Problem is, some auto manufacturers crank out timing chains so bad it’s worse than having a timing belt.

People keep making the fallacious argument that because bad timing chains exist it somehow means timing belts are fine. All of these bad timing chain examples everyone keeps bringing up are considered defects! Having to replace a timing chain after 80000 miles is unacceptable. Why would a timing belt that always needs replacement be any better? David didn’t say all engines with timing chains are reliable, just that engines with timing belts aren’t.

Bryan
Bryan
1 month ago

Haha. Bmw, timing chain, reliable. Three words never to be uttered in the same sentence. As the (soon to be former) owner of an f11 5 series on my second timing chain (100k), I cant disagree more. I woukd guess all those affected by the n47 timing chain recall would also have something to say about reliability. Plastic timing chain guides! Also, it’s an engine out procedure because why wouldn’t you put a wear item at the back of the engine? I’m with Jared Johnson on this one. Don’t get me started about leaky headlights, rear door leaks, leaky air suspension, oil leaks, interior plastics quality….

3WiperB
3WiperB
1 month ago

My folks special ordered a diesel 81 Chevy G20 van so that was the kid hauler in my family. I remember my dad running it out of diesel on a trip (it was somewhat hard to find) and having to take it to a mechanic to prime it. The engine on that was reliable too. I think it had well over 250,000 miles on it when they sold it. Nothing else was reliable on that van, but the engine sure was.

ManuelShackelford
ManuelShackelford
1 month ago

I do enjoy me some old BMWs but their M62TU was a glorious mess. My business partner owned an E39 540i which I maintained. It wasn’t particularly hard to work on but the timing chain and guides had short lives and the VANOS was always doing something weird. Ran like a bat out of hell one day and then felt like it lost 1/3 of its power the next… At least the engine could stay in the car for timing chain and VANOS service (unlike my beloved Audi 4.2 with the timing chain at the rear). And to its credit, it only went through one full cooling system replacement in the 150k miles before it was totaled by a red light running goober.

Sarah Blikre
Sarah Blikre
1 month ago

The blurb about the E60 makes me wonder, what brand is the king of “just replace this and this and this and this and this and upgrade this and it’s bulletproof” ?

Crab People
Crab People
1 month ago
Reply to  Sarah Blikre

BMW has to be up there, but diesel truck guys will spend tens of thousands to make their truck “bulletproof”.

Phantom Pedal Syndrome
Phantom Pedal Syndrome
1 month ago
Reply to  Sarah Blikre

Nissan. Most notably their economy cars.
Problem is nobody bothers to follow through with upgrades or maintenance given that particular platform.
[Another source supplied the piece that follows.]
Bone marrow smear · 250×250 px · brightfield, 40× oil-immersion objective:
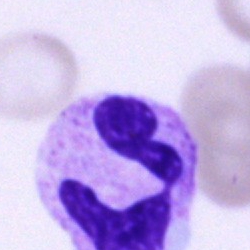Morphology → polymorphonuclear neutrophil.

Last edited 1 month ago by Phantom Pedal Syndrome
Camp Fire
Camp Fire
1 month ago
Reply to  Sarah Blikre

Ford 6.0 Powerstroke. After $10,000 in upgrades it finally becomes a reliable engine.

The 6.4 Powerstroke has a similar reputation.

VanGuy
VanGuy
1 month ago
Reply to  Camp Fire

An EMT friend said “at least the 6.0 can be bulletproofed.” They claim you can’t really bulletproof the 6.4 at all.

Mick Molte
Mick Molte
1 month ago
Reply to  Sarah Blikre

Just to pick on David and his scorching hot take a little bit more….I’d put anything with the Jeep 4.0 six on that list. Reliable, just gotta totally rebuild the upper end every so often, and for god’s sake whatever you do don’t overheat them so you better upgrade the garbage-from-the-factory cooling system while you’re in there.

Camp Fire
Camp Fire
1 month ago
Reply to  Mick Molte

Don’t forget the broken piston skirts! And the 0331 head casting issues.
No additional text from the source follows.